That may also be problematic because kswapd is blocked in the filesystem when trying to free an inode, so it is unable to do any memory reclaim:
349 kswapd0 [<0>] wait_transaction_locked+0x89/0xd0 [jbd2] [<0>] add_transaction_credits+0xd4/0x290 [jbd2] [<0>] start_this_handle+0x10a/0x520 [jbd2] [<0>] jbd2__journal_start+0xee/0x1f0 [jbd2] [<0>] __ldiskfs_journal_start_sb+0x6e/0x140 [ldiskfs] [<0>] ldiskfs_release_dquot+0x60/0xb0 [ldiskfs] [<0>] dqput.part.19+0x82/0x1e0 [<0>] __dquot_drop+0x69/0x90 [<0>] ldiskfs_clear_inode+0x1e/0x80 [ldiskfs] [<0>] ldiskfs_evict_inode+0x58/0x6b0 [ldiskfs] [<0>] evict+0xd2/0x1a0 [<0>] dispose_list+0x48/0x70 [<0>] prune_icache_sb+0x52/0x80 [<0>] super_cache_scan+0x123/0x1b0 [<0>] do_shrink_slab+0x11d/0x330 [<0>] shrink_slab+0xbe/0x2f0 [<0>] shrink_node+0x246/0x700 [<0>] balance_pgdat+0x2d7/0x550 [<0>] kswapd+0x201/0x3c0
I see the same kswapd0 process stuck in nbp13_hung so that seems significant.

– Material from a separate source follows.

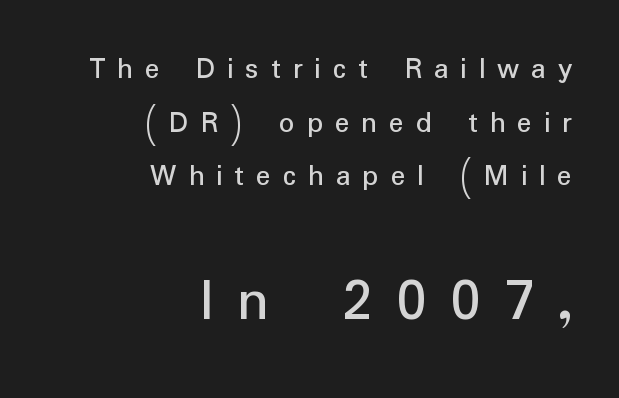
{"serif": "no", "italic": "no", "bold": "no", "weight": "regular", "width": "normal", "stroke_contrast": "low", "x_height": "medium", "monospaced": "no", "underline": "no", "align": "right", "line_spacing_ratio": 1.73, "letter_spacing": "wide", "letter_spacing_em": 0.38, "larger_block": "second", "size_ratio": 2.0, "glyph_px": 62}

I don't have the configuration, system, and storage details, but it may just be that there are too many threads running on this system for the amount of RAM that it has? You could try tuning oss_max_threads=256 or similar to reduce the concurrent thread count so the OSS memory isn't running out. If large RPCs are in use (e.g. obdfilter.*.brw_size=16 or =32) then this could be reduced so the OST threads are not preallocating so much memory for large RPCs.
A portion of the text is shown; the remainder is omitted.